Microwaves are electromagnetic waves, with a wavelength range between 1 cm and 1 m. It corresponds to frequencies between 300 and 3.000 MHz. It is possible to introduce thermal energy in chemical reactions with the use of microwaves. It has several advantages like lowering the time of heating, present different temperatures in the mixture or a selective heating.

Electrochemistry and Photochemistry

Electrochemistry and photochemistry are called to have an important place in the development of greener process, giving rise to new products and methodologies with fewer wastes and use of energy than the usual procedures.

Electrochemistry

When a chemical process causes electrons to move, they give place to the oxidation-reduction (redox) reactions. If we do this process placing different electrodes connected with a saline environmental in a solvent, we are talking about an electrochemical reactor.

The electrochemical process offers several advantages like mild and easy control of the conditions, almost no risk process and high atom efficiency. Once the electrodes are usually in a dissolution, they can be considered as a heterogeneous catalyst. They are used to avoid the addition of oxidants or reducers that can lead to sources of contamination.

The main inconvenient can be the high cost of electrochemical reactors for laboratory scale or the high energy consumption in an industrial application.

Photochemistry

Taking advantage of the use of light, ultraviolet, visible or near infrared, to produce new chemical products, is a growing field of research. With the reasonable use of light and under certain conditions, it is possible to obtain new results in the chemical synthesis as well as produce or induce interesting properties in some materials. Photovoltaics, the ability to convert sunlight into electricity, can be improved with the use of nanostructures and give a new option for solar cell devices.

The main advantages of the photochemical process are the possibility to reduce the number of reactive, the use of mild temperatures or being a selective process. Some molecule or materials interact at an electronic level with the light, and this can lead to specific reactions.

The photochemical process still presents several drawbacks, among them, the low absorption of the radiation or the higher price of apply the photochemistry to obtain the same product in comparison to another methodology.

Analytical methodologies

The development of new analytical methodologies is an essential field of research. The identification and quantification of analytes in a fast and reliable way is useful in several areas. The quick identification of toxic analytes, or precursors of toxic analytes, can lead to prevention or an implementation of a necessary action to minimise the adverse effects derived from their presence. For this reason, it is essential to develop new and fast strategies that can avoid the use of expensive equipment. Colourimetric methodologies that can give a response to a particular analyte with colour changes, or related fluorescence process (enhancement or quenching), can be fundamental in an in-situ analysis.

Toxicity

As we saw in the previous sections, it is highly vital to take into consideration the toxicity and toxicology effects, not only in the synthesis and manufacturing but also in the applications.

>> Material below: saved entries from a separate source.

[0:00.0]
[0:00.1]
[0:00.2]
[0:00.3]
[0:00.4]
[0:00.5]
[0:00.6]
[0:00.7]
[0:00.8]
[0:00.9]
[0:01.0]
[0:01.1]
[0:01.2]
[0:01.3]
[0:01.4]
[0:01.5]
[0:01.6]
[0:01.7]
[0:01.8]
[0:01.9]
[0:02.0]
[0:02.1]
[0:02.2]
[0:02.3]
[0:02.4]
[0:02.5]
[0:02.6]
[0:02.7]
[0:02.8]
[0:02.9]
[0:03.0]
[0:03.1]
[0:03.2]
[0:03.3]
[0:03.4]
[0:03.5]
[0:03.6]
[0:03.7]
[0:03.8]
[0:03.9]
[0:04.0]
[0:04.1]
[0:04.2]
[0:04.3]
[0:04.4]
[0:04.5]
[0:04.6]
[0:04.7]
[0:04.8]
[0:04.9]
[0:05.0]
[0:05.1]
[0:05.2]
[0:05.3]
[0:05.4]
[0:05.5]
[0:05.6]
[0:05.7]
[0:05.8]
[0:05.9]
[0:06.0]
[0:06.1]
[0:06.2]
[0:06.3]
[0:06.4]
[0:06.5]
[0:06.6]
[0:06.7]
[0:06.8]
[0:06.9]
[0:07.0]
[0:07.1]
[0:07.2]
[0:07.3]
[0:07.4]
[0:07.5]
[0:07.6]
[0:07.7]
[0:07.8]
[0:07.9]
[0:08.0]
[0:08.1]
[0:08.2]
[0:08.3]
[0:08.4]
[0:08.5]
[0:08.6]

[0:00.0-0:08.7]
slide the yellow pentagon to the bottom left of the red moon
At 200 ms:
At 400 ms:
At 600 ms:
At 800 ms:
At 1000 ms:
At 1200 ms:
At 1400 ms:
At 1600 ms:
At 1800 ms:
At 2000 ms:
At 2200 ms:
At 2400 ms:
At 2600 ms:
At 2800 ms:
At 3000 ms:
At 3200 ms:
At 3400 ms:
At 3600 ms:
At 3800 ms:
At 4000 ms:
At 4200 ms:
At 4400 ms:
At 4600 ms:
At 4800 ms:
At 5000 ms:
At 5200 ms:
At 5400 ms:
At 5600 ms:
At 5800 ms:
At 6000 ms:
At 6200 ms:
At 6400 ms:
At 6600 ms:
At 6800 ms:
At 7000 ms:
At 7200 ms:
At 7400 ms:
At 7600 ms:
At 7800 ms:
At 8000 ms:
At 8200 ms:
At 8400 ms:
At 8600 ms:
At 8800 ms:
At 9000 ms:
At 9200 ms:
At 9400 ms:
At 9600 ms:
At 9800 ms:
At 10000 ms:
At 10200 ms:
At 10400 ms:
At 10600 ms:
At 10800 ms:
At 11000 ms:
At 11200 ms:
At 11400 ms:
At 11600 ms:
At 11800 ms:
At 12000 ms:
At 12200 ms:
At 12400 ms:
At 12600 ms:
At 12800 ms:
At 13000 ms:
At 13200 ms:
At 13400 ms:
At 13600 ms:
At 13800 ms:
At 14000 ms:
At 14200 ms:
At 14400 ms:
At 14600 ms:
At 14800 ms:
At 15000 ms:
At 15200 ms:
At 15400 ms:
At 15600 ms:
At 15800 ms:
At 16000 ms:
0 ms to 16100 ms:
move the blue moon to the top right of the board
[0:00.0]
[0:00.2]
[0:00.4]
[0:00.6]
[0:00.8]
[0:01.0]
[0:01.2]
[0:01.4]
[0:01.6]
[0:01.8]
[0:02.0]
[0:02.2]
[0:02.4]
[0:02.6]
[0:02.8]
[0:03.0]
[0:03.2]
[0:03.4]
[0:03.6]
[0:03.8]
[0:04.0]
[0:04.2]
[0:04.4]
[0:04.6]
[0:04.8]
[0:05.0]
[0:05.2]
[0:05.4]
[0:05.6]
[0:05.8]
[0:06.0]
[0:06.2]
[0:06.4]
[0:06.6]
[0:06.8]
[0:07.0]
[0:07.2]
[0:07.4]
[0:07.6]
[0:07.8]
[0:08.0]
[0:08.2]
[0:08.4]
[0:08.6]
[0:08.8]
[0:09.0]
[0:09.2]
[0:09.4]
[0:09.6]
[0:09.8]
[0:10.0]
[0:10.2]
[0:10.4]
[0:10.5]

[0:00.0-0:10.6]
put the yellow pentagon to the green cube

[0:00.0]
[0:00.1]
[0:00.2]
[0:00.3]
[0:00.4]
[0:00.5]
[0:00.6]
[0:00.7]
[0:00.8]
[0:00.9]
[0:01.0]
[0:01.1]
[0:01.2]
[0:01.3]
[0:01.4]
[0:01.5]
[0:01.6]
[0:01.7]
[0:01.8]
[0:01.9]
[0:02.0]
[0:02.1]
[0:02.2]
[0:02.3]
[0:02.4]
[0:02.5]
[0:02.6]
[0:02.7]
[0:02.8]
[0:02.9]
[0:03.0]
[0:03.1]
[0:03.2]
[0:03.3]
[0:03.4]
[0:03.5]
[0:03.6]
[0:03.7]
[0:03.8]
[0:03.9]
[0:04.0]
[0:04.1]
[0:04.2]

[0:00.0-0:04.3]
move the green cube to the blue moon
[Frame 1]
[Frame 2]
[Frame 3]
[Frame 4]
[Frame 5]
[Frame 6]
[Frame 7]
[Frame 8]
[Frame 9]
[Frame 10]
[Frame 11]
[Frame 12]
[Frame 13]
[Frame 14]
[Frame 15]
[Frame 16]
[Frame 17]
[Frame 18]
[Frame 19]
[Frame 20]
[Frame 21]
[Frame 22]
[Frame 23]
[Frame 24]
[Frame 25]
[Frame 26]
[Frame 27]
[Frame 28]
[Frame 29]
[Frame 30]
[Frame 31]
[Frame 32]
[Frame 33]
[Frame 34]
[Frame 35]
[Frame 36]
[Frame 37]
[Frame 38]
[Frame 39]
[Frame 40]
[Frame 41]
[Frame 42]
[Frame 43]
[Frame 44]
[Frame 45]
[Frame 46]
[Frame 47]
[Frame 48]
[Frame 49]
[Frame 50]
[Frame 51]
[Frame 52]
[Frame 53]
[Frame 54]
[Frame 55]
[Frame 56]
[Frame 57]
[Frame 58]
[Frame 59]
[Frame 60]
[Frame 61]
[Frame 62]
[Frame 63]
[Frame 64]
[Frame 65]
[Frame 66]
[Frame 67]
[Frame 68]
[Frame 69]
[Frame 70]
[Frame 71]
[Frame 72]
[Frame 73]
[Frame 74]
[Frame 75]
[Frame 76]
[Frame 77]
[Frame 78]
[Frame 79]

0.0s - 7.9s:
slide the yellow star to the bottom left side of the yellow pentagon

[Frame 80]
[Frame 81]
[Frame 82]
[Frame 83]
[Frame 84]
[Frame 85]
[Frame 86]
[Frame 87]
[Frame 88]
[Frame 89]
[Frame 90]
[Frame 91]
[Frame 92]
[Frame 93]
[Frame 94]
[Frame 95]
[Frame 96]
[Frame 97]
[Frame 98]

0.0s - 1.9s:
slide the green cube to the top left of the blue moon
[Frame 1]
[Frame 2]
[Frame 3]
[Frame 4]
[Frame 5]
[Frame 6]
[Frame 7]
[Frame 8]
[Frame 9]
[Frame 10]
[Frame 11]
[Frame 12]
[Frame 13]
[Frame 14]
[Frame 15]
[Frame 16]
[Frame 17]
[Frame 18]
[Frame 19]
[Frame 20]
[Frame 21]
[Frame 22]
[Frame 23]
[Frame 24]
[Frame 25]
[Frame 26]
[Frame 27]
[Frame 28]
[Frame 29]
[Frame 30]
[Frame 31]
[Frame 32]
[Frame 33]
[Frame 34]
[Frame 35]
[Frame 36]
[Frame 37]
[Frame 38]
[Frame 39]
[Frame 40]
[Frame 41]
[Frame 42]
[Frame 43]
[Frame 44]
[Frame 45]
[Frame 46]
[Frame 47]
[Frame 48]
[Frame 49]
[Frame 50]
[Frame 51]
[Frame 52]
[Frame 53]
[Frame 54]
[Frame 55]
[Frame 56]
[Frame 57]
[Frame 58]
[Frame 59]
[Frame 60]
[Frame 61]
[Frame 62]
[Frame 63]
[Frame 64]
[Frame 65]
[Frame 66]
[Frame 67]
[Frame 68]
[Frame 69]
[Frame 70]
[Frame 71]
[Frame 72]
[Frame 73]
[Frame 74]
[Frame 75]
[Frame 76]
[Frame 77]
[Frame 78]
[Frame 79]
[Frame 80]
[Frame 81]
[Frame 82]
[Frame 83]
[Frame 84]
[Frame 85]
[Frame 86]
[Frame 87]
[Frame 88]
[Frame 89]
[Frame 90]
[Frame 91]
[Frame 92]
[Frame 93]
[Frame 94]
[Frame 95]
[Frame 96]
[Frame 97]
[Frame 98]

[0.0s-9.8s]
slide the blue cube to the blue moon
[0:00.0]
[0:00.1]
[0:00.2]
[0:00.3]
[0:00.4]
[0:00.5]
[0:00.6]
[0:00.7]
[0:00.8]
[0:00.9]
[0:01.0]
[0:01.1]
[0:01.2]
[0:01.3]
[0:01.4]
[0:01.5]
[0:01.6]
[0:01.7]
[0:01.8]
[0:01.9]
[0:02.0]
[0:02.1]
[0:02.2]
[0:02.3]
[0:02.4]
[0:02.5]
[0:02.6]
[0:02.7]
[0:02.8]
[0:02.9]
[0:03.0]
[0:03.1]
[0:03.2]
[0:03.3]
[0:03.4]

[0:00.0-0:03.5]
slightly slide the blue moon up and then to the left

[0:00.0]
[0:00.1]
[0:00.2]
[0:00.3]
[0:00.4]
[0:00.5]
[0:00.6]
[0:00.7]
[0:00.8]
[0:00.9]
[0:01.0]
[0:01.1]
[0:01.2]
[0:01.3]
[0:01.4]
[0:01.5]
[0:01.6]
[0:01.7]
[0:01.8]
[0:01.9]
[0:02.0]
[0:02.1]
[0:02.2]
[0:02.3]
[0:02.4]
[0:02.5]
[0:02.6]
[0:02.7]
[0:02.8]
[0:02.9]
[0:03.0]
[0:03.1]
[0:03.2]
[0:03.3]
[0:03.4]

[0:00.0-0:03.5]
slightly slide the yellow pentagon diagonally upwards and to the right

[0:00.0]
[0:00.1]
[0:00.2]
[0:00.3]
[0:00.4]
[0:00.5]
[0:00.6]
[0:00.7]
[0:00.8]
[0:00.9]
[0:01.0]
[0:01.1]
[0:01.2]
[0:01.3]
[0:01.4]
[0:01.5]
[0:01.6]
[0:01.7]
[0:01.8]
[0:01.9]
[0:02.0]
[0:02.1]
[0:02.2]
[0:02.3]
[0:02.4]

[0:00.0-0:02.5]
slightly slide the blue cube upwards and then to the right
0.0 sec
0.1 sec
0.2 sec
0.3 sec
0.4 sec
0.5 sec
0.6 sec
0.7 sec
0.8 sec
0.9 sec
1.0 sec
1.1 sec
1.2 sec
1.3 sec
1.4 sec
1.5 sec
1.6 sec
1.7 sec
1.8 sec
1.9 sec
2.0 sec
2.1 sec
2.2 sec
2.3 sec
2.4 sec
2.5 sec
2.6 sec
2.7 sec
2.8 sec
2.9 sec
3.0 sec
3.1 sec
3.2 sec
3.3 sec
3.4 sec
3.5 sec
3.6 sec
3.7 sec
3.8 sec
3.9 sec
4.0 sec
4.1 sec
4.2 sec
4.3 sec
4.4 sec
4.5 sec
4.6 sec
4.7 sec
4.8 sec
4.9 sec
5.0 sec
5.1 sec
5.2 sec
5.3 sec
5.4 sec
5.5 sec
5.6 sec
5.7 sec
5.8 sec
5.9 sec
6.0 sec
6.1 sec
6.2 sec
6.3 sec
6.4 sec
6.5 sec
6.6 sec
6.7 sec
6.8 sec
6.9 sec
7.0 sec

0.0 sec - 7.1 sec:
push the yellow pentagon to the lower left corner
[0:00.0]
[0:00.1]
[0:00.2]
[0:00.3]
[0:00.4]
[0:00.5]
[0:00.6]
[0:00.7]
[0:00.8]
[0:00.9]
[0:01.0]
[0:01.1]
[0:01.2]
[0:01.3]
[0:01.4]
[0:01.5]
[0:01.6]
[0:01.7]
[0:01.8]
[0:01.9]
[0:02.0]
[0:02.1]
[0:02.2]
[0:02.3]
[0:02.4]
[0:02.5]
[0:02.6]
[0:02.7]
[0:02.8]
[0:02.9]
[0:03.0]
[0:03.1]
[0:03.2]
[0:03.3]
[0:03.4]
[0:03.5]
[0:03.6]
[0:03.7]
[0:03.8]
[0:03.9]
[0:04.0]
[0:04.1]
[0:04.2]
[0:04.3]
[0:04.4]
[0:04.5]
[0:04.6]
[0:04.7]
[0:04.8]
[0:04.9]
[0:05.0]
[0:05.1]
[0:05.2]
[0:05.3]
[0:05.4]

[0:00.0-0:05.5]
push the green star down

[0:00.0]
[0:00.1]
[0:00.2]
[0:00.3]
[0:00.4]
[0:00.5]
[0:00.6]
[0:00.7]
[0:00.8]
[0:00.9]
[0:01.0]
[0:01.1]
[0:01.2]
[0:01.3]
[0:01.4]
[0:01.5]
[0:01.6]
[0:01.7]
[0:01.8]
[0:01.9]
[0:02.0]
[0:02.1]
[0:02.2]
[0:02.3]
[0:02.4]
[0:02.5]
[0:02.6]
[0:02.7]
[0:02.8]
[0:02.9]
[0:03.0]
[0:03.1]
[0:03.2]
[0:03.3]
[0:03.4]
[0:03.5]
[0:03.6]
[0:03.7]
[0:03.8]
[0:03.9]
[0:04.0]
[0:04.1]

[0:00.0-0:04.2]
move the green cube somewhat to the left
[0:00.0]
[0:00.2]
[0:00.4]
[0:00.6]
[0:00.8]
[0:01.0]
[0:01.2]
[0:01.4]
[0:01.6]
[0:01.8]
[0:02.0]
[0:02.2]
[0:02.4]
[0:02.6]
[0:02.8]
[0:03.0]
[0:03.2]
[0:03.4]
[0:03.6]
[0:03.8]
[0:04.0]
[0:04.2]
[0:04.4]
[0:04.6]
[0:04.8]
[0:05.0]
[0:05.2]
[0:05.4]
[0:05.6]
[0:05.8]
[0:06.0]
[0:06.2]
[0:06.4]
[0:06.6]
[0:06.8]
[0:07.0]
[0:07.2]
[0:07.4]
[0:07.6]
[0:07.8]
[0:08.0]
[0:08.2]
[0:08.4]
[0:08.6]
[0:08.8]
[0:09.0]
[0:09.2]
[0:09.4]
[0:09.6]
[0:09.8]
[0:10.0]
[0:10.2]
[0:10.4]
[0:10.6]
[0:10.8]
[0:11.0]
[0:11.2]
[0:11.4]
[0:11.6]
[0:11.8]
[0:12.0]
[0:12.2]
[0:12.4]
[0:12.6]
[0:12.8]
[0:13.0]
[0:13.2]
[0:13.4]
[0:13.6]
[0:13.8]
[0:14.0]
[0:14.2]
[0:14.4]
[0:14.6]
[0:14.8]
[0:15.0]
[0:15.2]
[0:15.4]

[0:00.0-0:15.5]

Metals like mercury where used in the past in several fields, as an antibacterial agent, to control plant diseases in the agriculture or for the manufacturing of hats. The ingestion or exposure to its vapours can lead to memory loss or hyperactivity, among others. Also, the organic mercury compounds, like methylmercury, can cause death. In this sense, the toxicity studies are highly essential to avoid the use of potentially toxic materials.

Likewise, is well known that the toxicity of some substances depends on the dose, and when some substances may be innocuous, beneficial or even necessary for life at low doses, at high doses may be harmful. A notable case of toxicity can be seen in the chemotherapy compounds. The use of different drugs against cancer disease can have a harmful effect on the healthy parts of the body. An application or combination of new treatments that will eliminate or reduce the use of these drugs without compromising the beneficial effect would be preferred.